- _SOURCE INFORMATION_
------------------------------------------------------------

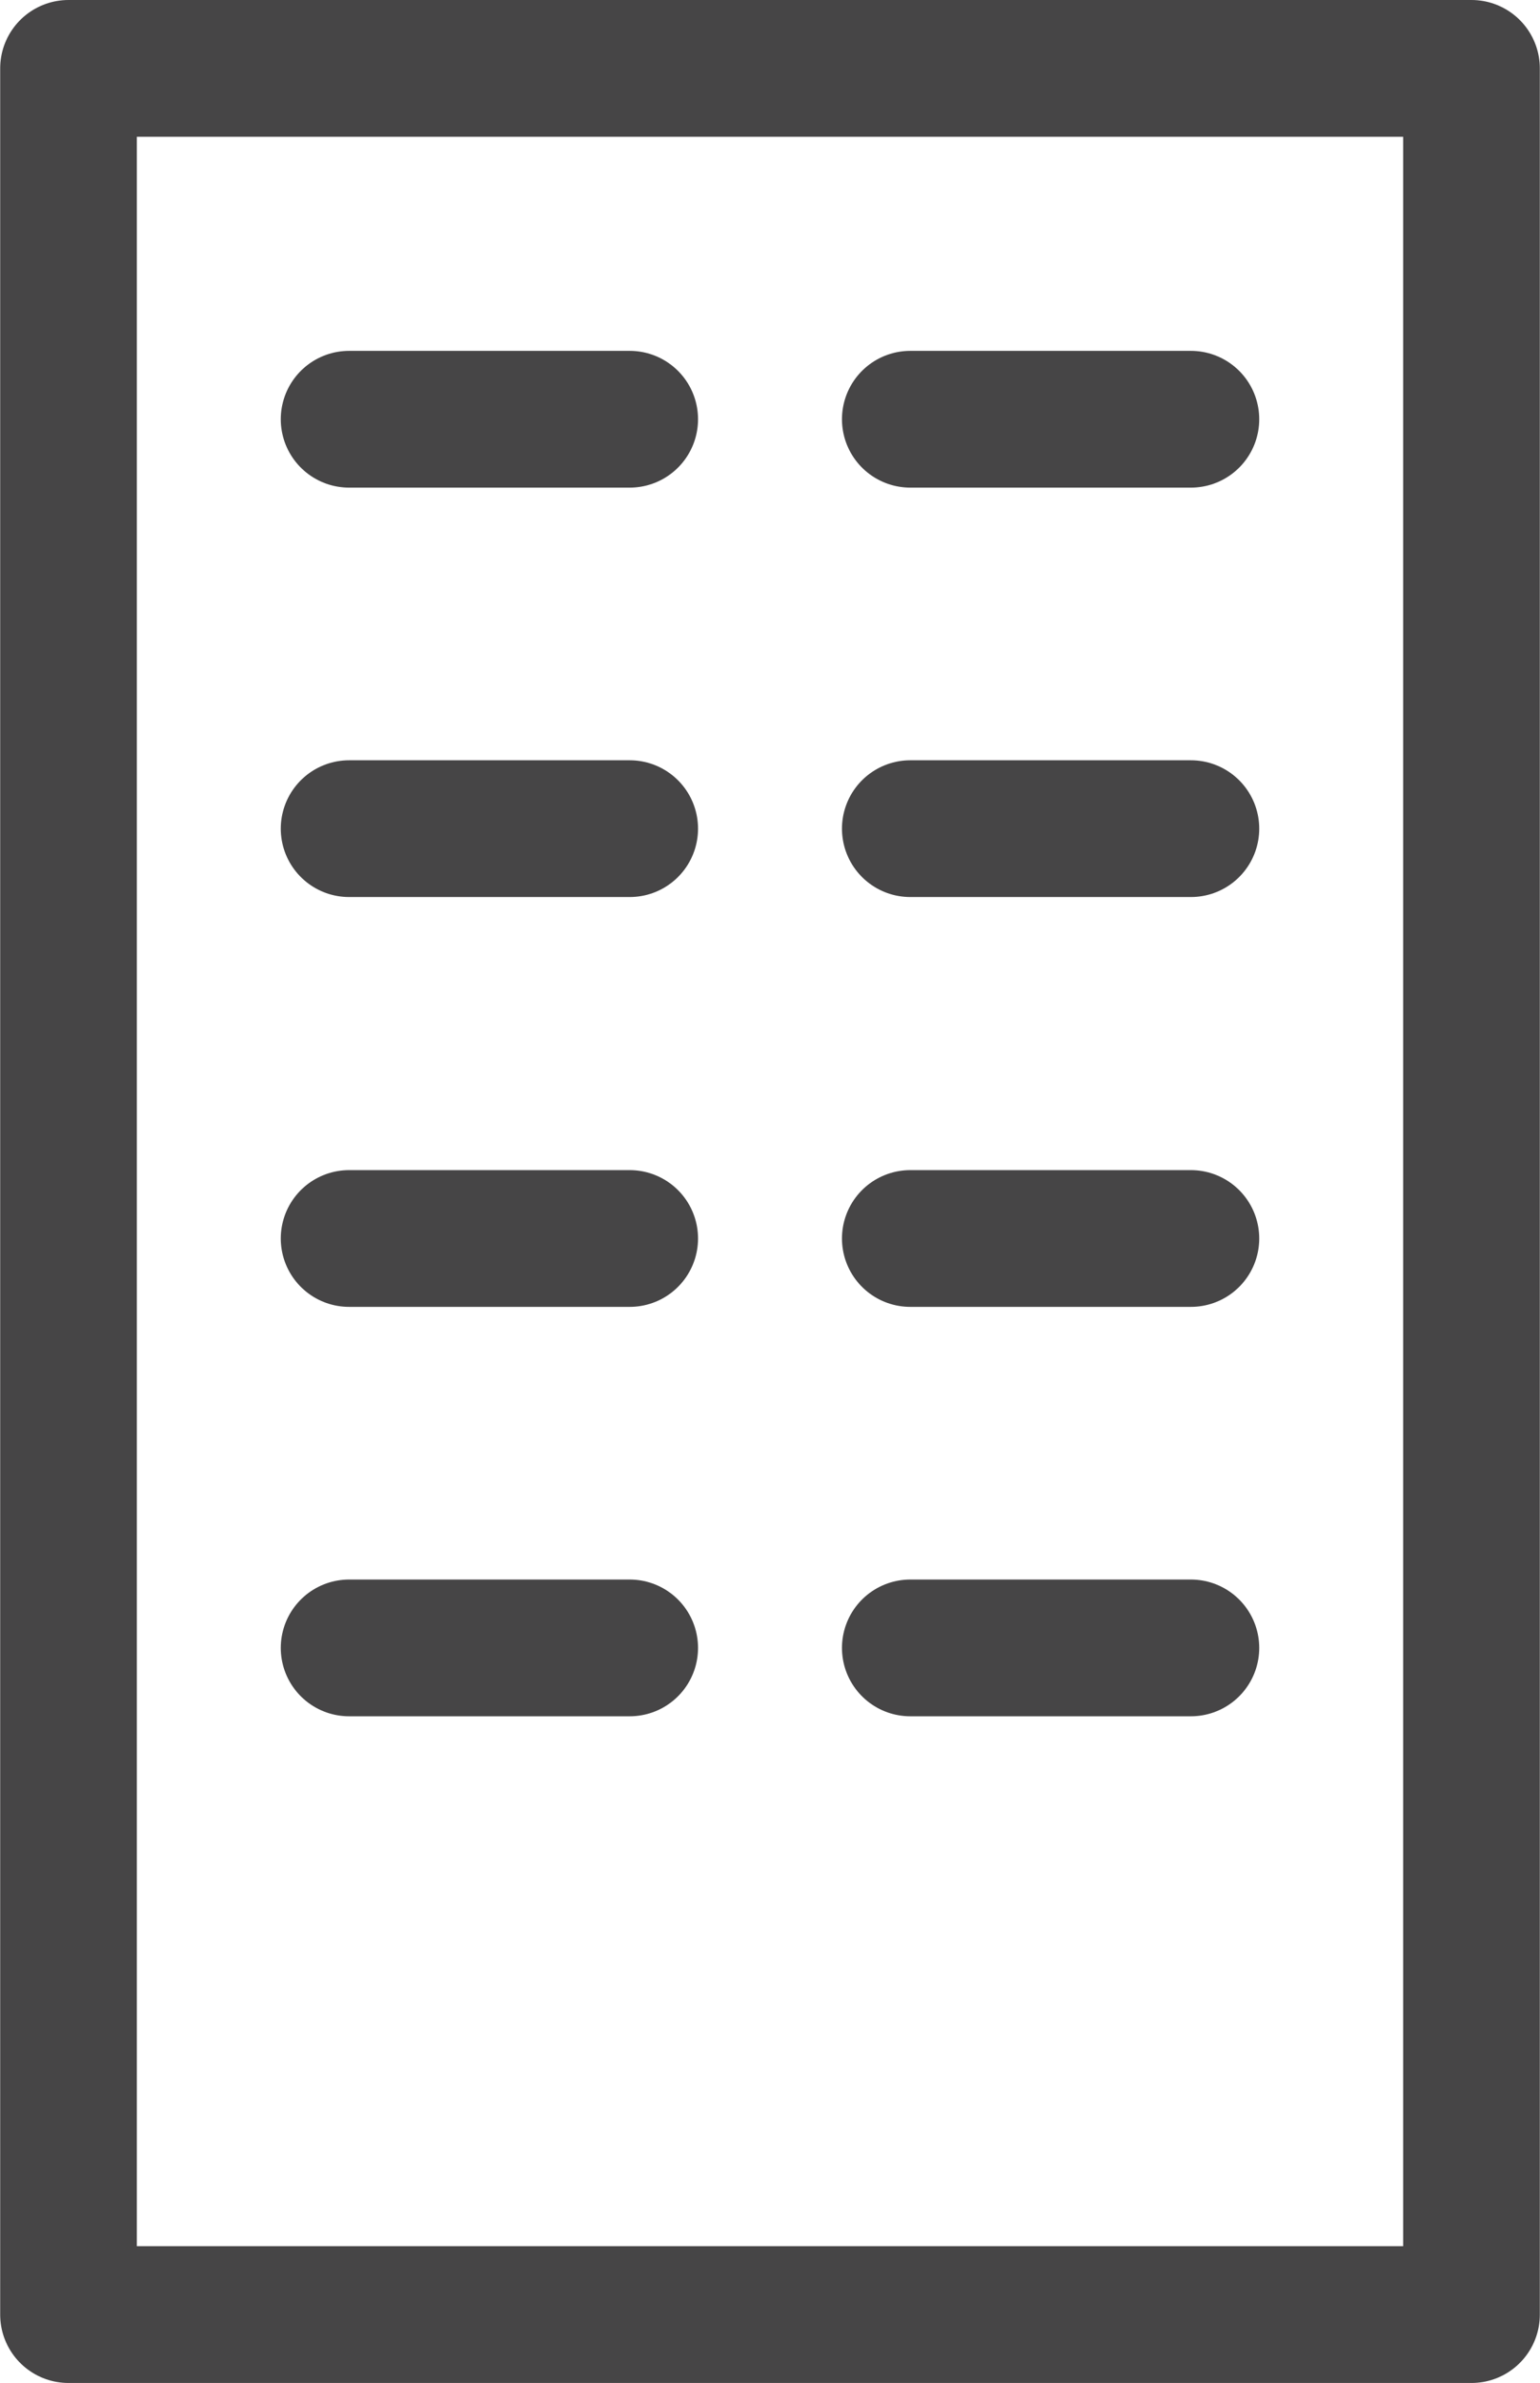 <?xml version="1.0" encoding="UTF-8"?>
<svg id="Layer_1" data-name="Layer 1" xmlns="http://www.w3.org/2000/svg" width="12.72mm" height="19.67mm" viewBox="0 0 36.05 55.76">
  <rect x="1.6" y="1.6" width="32.85" height="52.56" fill="none" stroke="#464546" stroke-linecap="round" stroke-linejoin="round" stroke-width="3.2"/>
  <g>
    <g>
      <line x1="8.17" y1="9.81" x2="14.74" y2="9.81" fill="none" stroke="#464546" stroke-linecap="round" stroke-linejoin="round" stroke-width="3.2"/>
      <line x1="21.31" y1="9.81" x2="27.88" y2="9.81" fill="none" stroke="#464546" stroke-linecap="round" stroke-linejoin="round" stroke-width="3.2"/>
    </g>
    <g>
      <line x1="8.17" y1="19.39" x2="14.74" y2="19.39" fill="none" stroke="#464546" stroke-linecap="round" stroke-linejoin="round" stroke-width="3.2"/>
      <line x1="21.31" y1="19.39" x2="27.88" y2="19.39" fill="none" stroke="#464546" stroke-linecap="round" stroke-linejoin="round" stroke-width="3.2"/>
    </g>
    <g>
      <line x1="8.17" y1="28.98" x2="14.74" y2="28.98" fill="none" stroke="#464546" stroke-linecap="round" stroke-linejoin="round" stroke-width="3.2"/>
      <line x1="21.31" y1="28.98" x2="27.88" y2="28.98" fill="none" stroke="#464546" stroke-linecap="round" stroke-linejoin="round" stroke-width="3.2"/>
    </g>
    <g>
      <line x1="8.17" y1="38.56" x2="14.74" y2="38.56" fill="none" stroke="#464546" stroke-linecap="round" stroke-linejoin="round" stroke-width="3.2"/>
      <line x1="21.31" y1="38.56" x2="27.88" y2="38.56" fill="none" stroke="#464546" stroke-linecap="round" stroke-linejoin="round" stroke-width="3.2"/>
    </g>
  </g>
</svg>

------------------------------------------------------------

- _WHAT TO DO_
The answer must consist of each line in the entries above that includes "height".

- _ANSWER TO THIS TASK_
<svg id="Layer_1" data-name="Layer 1" xmlns="http://www.w3.org/2000/svg" width="12.72mm" height="19.67mm" viewBox="0 0 36.05 55.76">
  <rect x="1.6" y="1.6" width="32.85" height="52.56" fill="none" stroke="#464546" stroke-linecap="round" stroke-linejoin="round" stroke-width="3.2"/>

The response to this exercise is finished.